Et si les politiques d'austérité n'étaient basées que sur une fâcheuse erreur de calcul ?
©Flickr/danielmoyle

Séisme

La théorie selon laquelle un endettement supérieur à 90% entraînerait un ralentissement de la croissance, défendue en 2008 par Carmen Reinhart et Kenneth Rogoff, vient d'être remise en cause par des chercheurs de l'université du Massachusetts. Et si les politiques d'austérité n'étaient basées que sur une fâcheuse erreur de calcul ?

Nicolas Goetzmann,Mathieu Mucherie,Jean Peyrelevade et Philippe Waechter

Nicolas Goetzmann,Mathieu Mucherie,Jean Peyrelevade et Philippe Waechter

Nicolas Goetzmann est Stratégiste Macroéconomique et auteur d'un rapport sur la politique monétaire européenne pour le compte de la Fondapol.
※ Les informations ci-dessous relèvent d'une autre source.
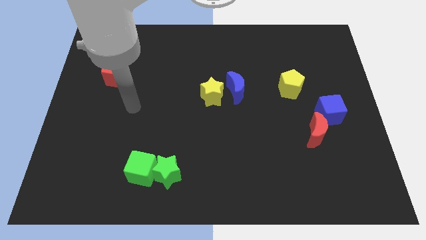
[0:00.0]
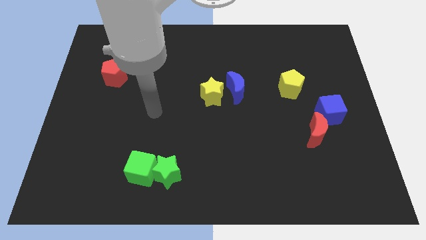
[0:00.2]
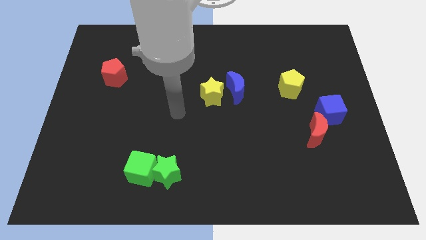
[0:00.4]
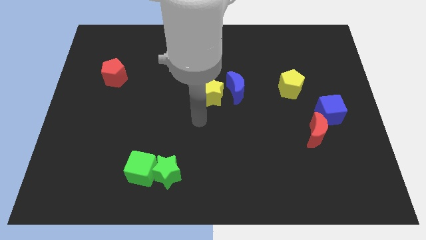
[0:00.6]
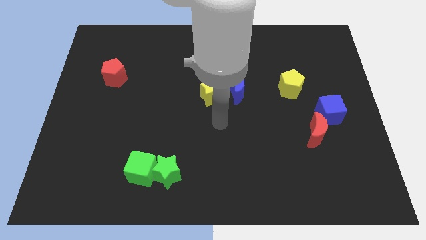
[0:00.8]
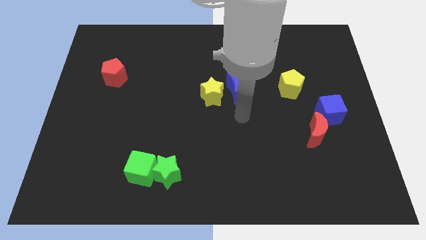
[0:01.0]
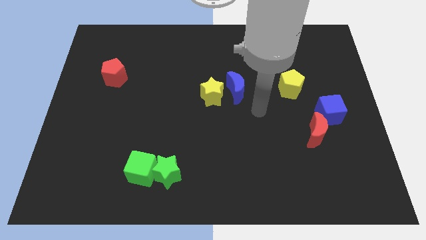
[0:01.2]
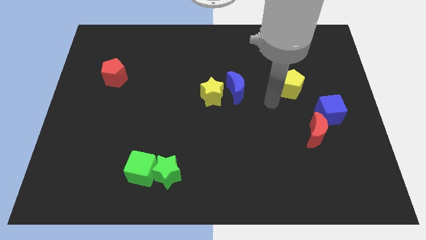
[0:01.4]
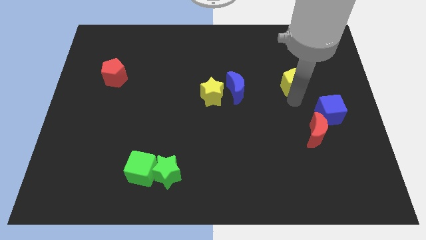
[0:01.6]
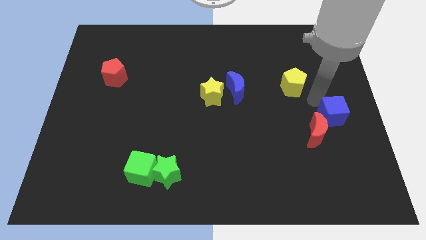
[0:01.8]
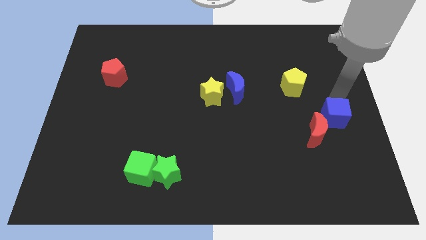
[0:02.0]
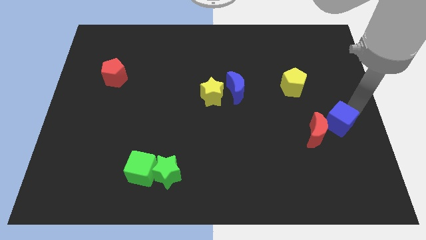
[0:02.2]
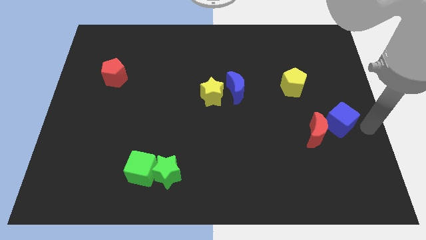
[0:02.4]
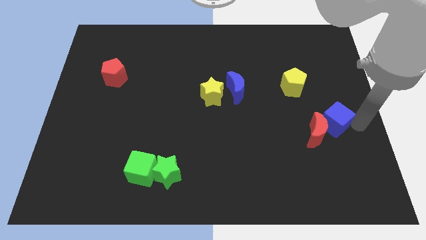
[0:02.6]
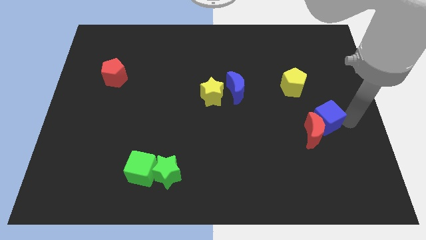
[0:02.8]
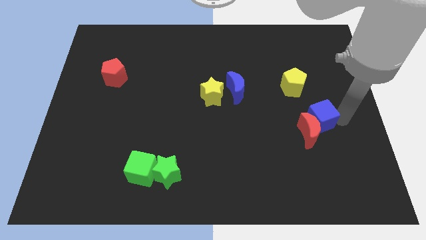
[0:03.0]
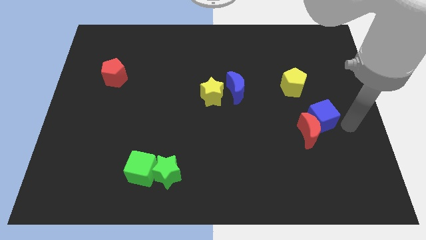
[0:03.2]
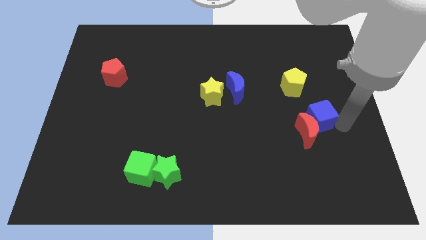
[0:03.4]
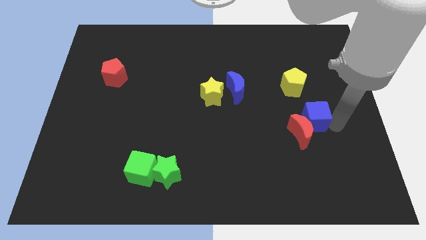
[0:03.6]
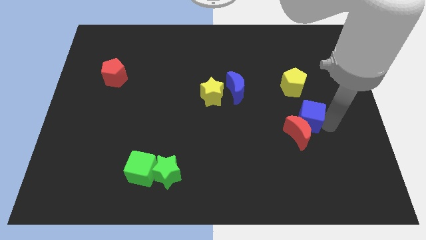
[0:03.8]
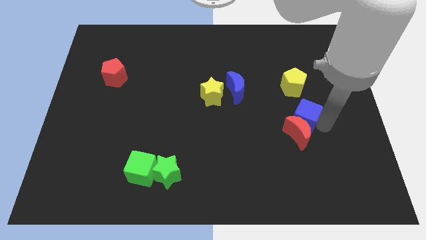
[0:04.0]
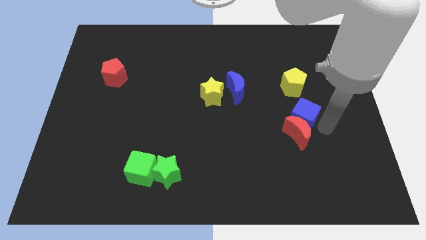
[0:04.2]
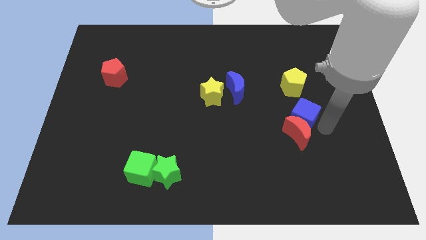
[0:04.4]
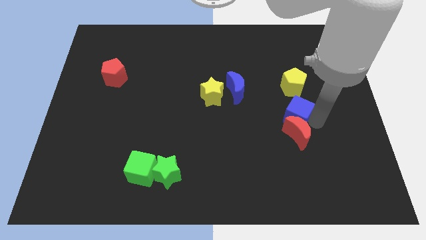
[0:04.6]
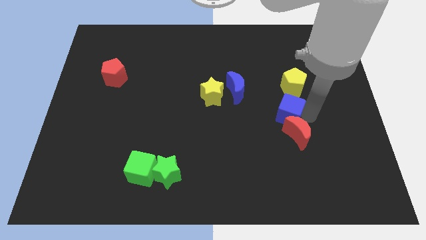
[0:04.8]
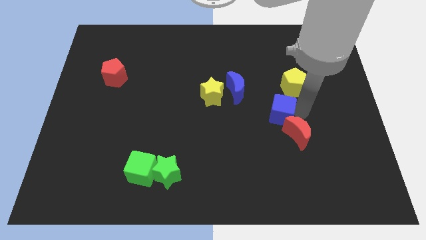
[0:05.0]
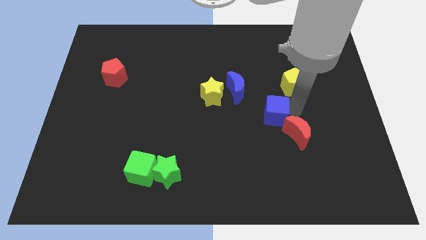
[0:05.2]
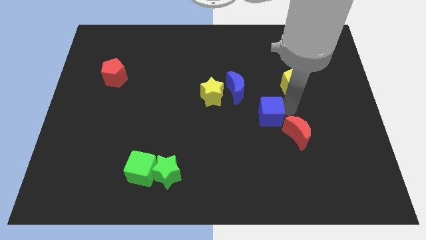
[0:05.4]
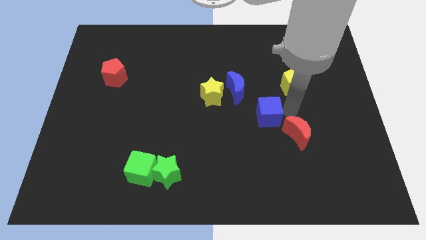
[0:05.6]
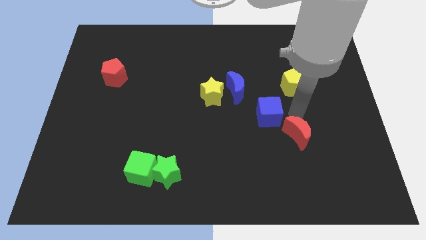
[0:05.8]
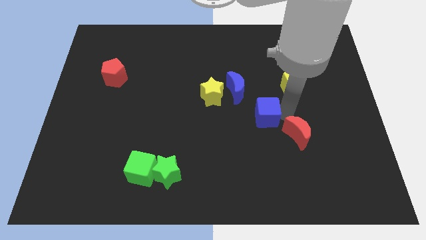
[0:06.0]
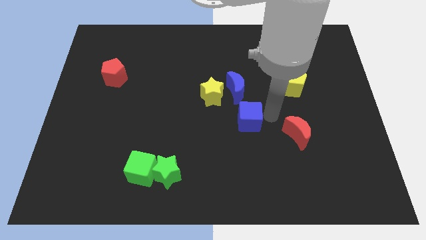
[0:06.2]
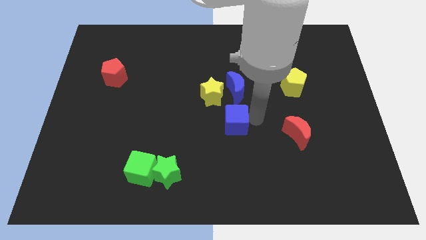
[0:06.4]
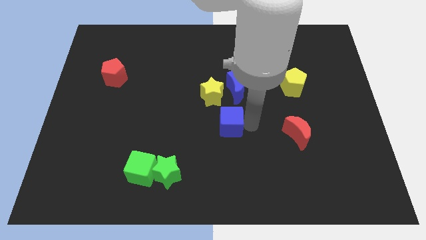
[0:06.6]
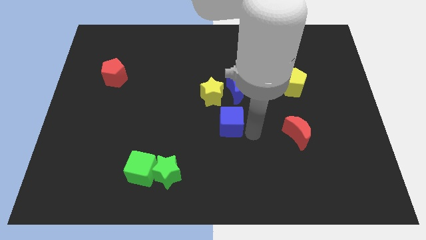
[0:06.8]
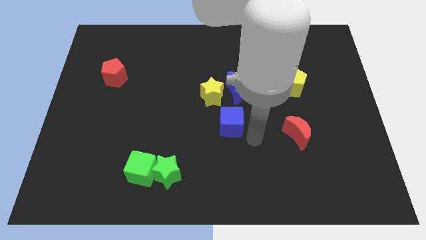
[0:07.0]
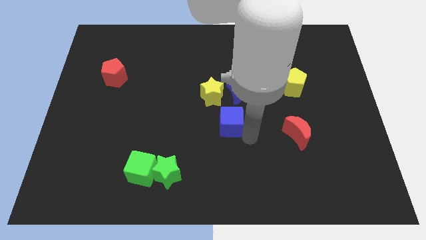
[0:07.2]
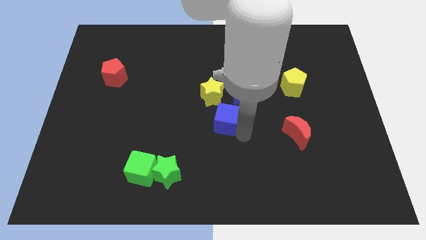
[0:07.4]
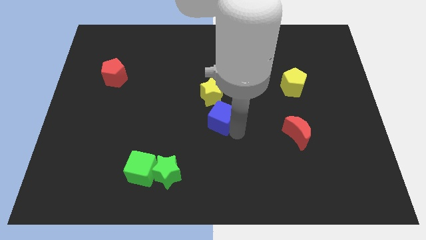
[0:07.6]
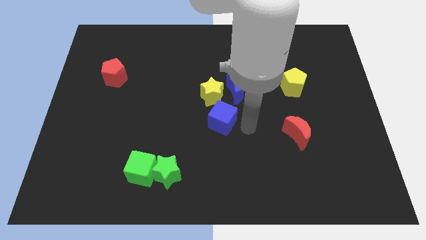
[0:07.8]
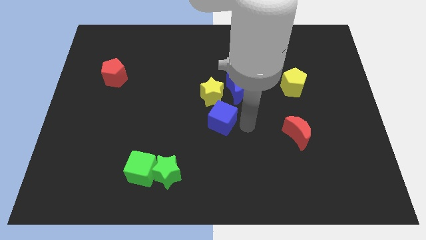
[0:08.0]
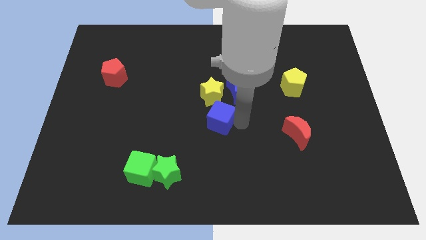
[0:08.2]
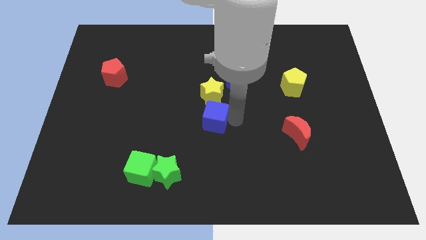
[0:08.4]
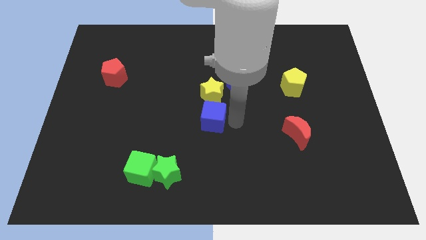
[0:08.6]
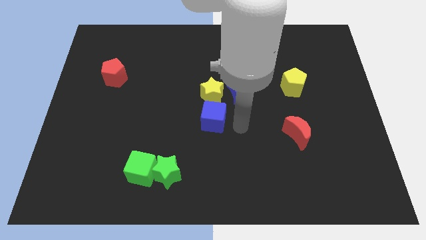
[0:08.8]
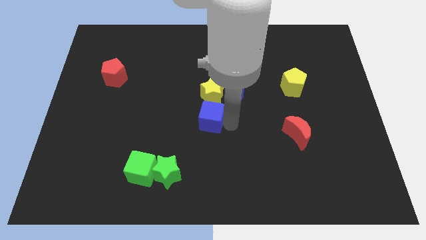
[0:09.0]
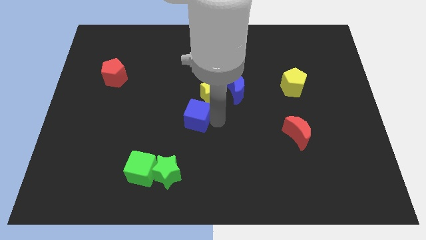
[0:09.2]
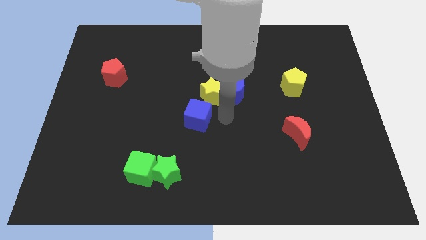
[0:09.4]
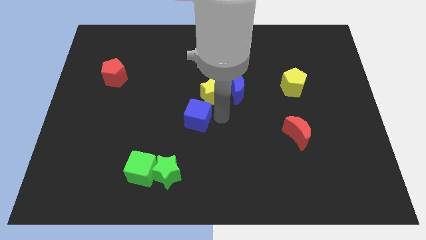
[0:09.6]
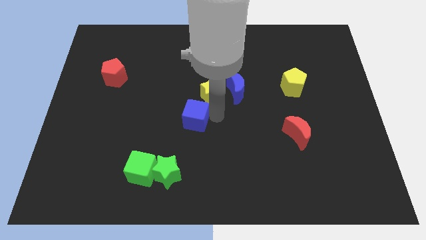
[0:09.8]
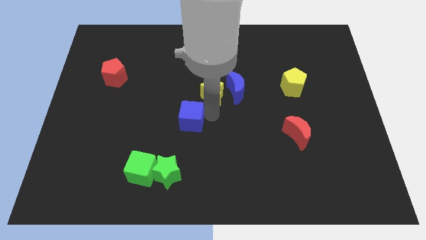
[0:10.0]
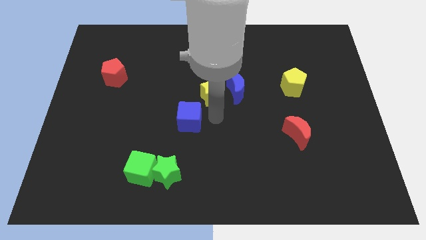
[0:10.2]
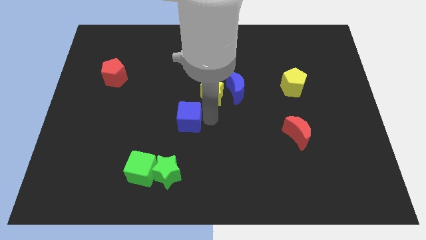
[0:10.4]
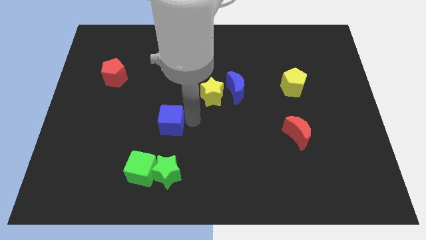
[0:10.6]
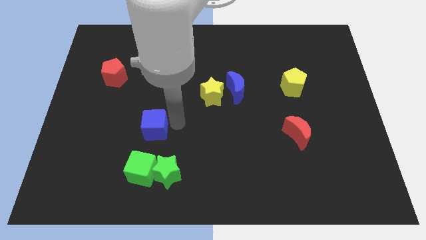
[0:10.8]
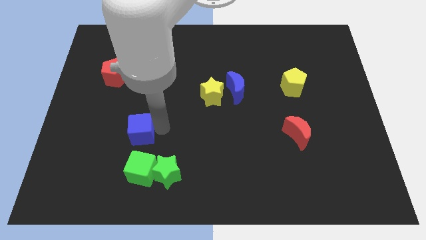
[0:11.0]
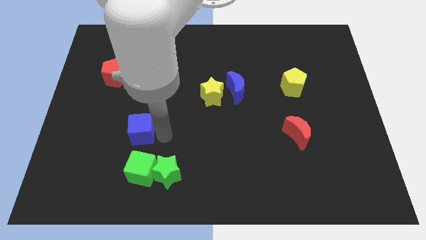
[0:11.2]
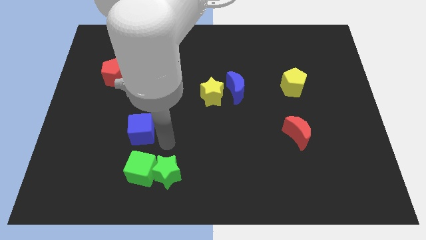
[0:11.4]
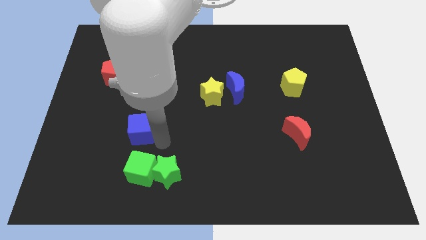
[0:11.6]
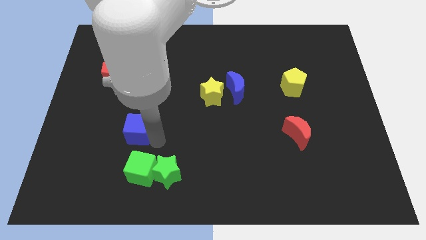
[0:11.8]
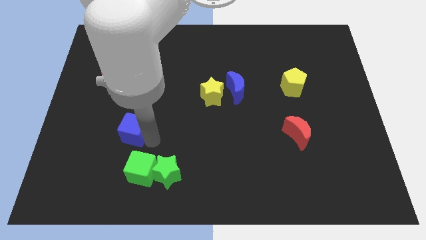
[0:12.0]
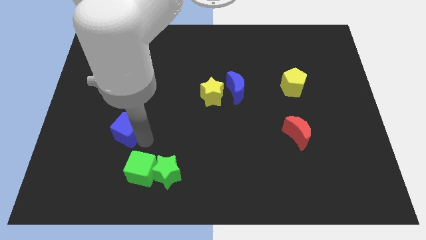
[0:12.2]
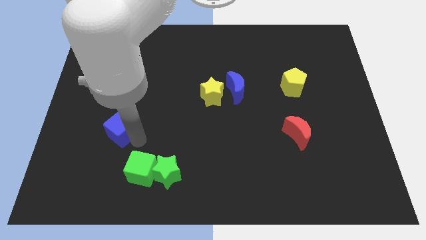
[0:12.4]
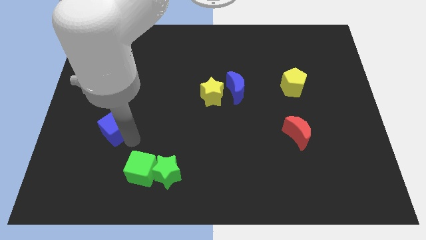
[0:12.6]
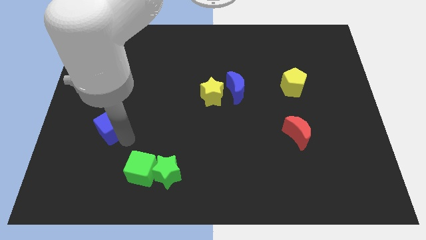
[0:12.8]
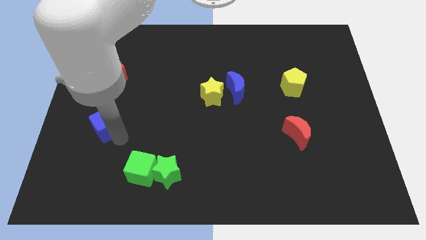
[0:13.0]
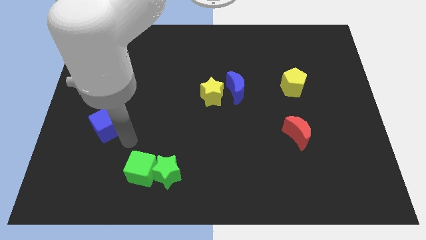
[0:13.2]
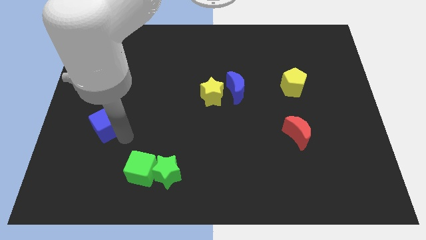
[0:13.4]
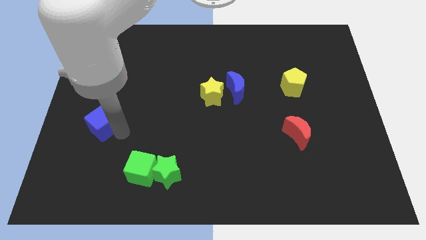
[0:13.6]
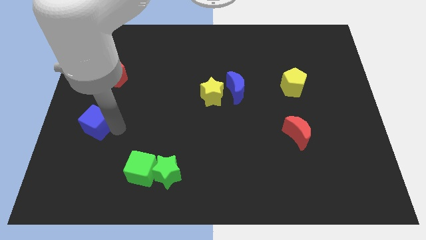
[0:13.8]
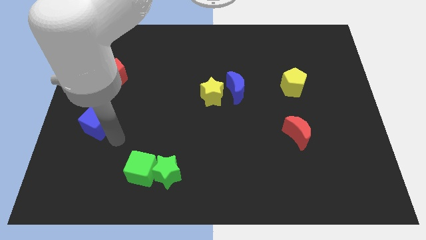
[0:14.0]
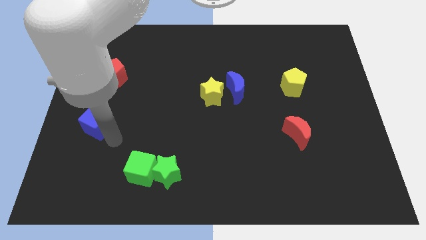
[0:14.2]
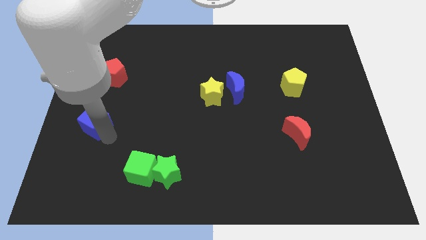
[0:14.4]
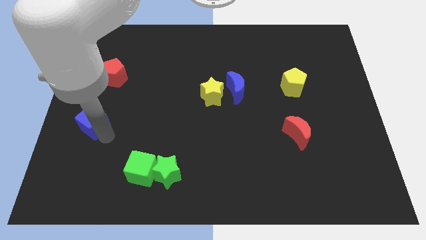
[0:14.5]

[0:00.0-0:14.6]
move the blue cube to the center left

Mathieu Mucherie est économiste de marché sur Paris, et s'exprime ici à titre personnel.

Jean Peyrelevade fait partie de l'équipe de campagne de François Bayrou pour l'élection présidentielle.

Ancien conseiller économique du Premier ministre Pierre Mauroy, il fut également directeur adjoint de son cabinet.

Économiste et administrateur de plusieurs sociétés françaises et européennes de premier plan, il est l'auteur de plusieurs ouvrages sur l’évolution du capitalisme contemporain.

Philippe Waechter est directeur des études économiques chez Natixis Asset Management.

Ses thèmes de prédilection sont l'analyse du cycle économique, le comportement des banques centrales, l'emploi, et le marché des changes et des flux internationaux de capitaux.

Il est l'auteur de "Subprime, la faillite mondiale ? Cette crise financière qui va changer votre vie(Editions Alphée, 2008).

Voir la bio »

A (re)lire sur la théorie de Carmen Reinhart et Kenneth Rogoff :Cette fois ci, c’est différent !” : la même et illusoire rengaine depuis huit siècles de crises financières"

Atlantico : La théorie selon laquelle un endettement supérieur à 90% entraînerait une croissance négative, défendue en 2008 par Carmen Reinhart et Kenneth Rogoff, vient d'être sérieusement battue en brèche par des chercheurs de l’université du Massachusetts qui ont montré qu'elle se basait sur une erreur de calcul. Une théorie qui a pourtant inspiré et justifié nombre des politiques d'austérité consécutives à la crise. Dans quelle mesure cette "découverte" invalide-t-elle ces choix de politique économique ? En quoi change-t-elle la donne ?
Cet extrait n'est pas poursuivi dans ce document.